Life In The 'Hood #2

Wednesday, October 21, 2009

Today I looked out the window and I saw this:

There was a man in my tree. Of course, 'my' is a term I have absolutely no right to use. It's not my tree. It's just situated next to my yard. Again, not really my yard, but for all intents and purposes, I'm Queen of this postage stamp. Back to the man in my tree...

The man in my tree was here to divest the tree of some of its limbs. You see, there were a few incidents this summer. Some of the local kids discovered they had attained the required height for climbing this particular tree. Not a problem. The problem began when a couple of them started running off at the mouth. Things heated up nicely when they argued that they were not staring in the neighbour lady's windows. Unfortunately, they were arguing with the neighbour lady who was sitting in her living room behind her six-foot fence. She wrote a letter to the building managers and copied the owners.

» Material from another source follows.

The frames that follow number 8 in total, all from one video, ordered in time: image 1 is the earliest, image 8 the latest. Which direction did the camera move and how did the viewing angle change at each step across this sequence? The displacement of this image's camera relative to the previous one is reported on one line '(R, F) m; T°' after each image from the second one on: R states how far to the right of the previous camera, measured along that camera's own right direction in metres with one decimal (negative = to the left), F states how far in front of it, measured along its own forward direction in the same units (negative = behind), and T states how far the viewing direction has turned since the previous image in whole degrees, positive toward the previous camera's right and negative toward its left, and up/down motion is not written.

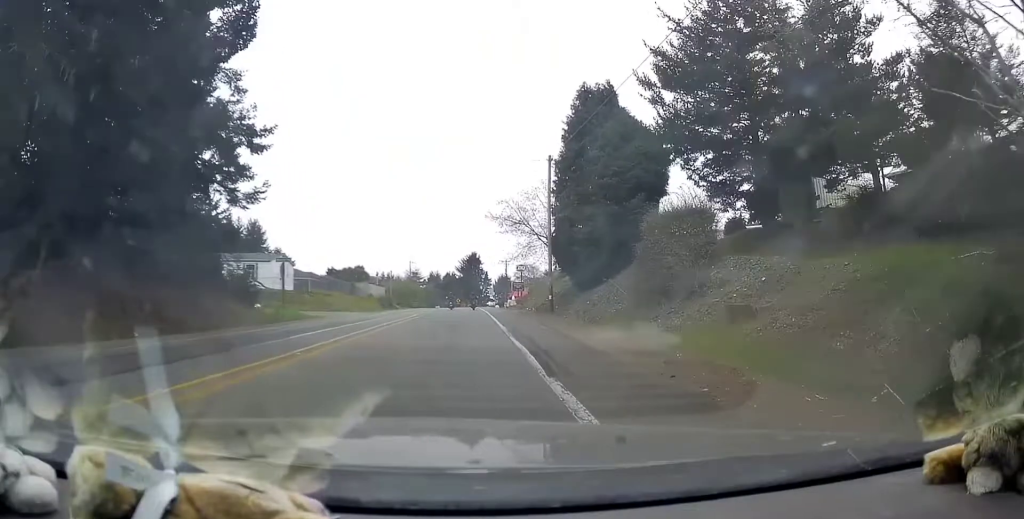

Mr. B and I got involved when we clearly saw unsafe things happening. 7 and 8 kids crawling all over each other in the tree ignoring my tree-climbing 'rules': stay off any dead branches as well as those thinner than your arm. Then there was the day I found a few of them using bricks to gouge the bark off the tree. Sure, they put the bricks down when I asked them to, but then they tried to rip branches off the tree...and proceeded to swing from them when they were only partly successful. I asked the building manager to step in because of all of this and I was concerned. The kids had stopped listening to me and it was becoming incredibly inconvenient to look out the window all day. Someone was going to get hurt.

So much to my surprise, the tree guys showed up today - a month and a half after the last kid lost their copious amounts of summer free time - and did a very good job at trimming the tree. I was surprised because there had been no response to my - nor the neighbour lady's - complaint. I'd like to say that the building manager/out-of-town owners are the proactive, pride in ownership, get-'er-done types but I'd be lying. They're more the squeaky wheel, bring along the property standards guy and then they start to wake up type of people.

But, in the end, the tree has been trimmed. One more thing around here got taken care of..or 15 things, if you count the number of kids who can't spy on the neighbour lady before falling out of the tree, cracking their backs on 'my' fence on the way down.

On a more personal note, The Boy and The Girl both learned a thing or two about how the professionals trim a tree and then clean up after themselves. The Boy was quite intrigued by the ropes and harness. The Girl is responsible for all the photographs. And for talking the tree guys' ears off - from well out of the way - throughout the entire job.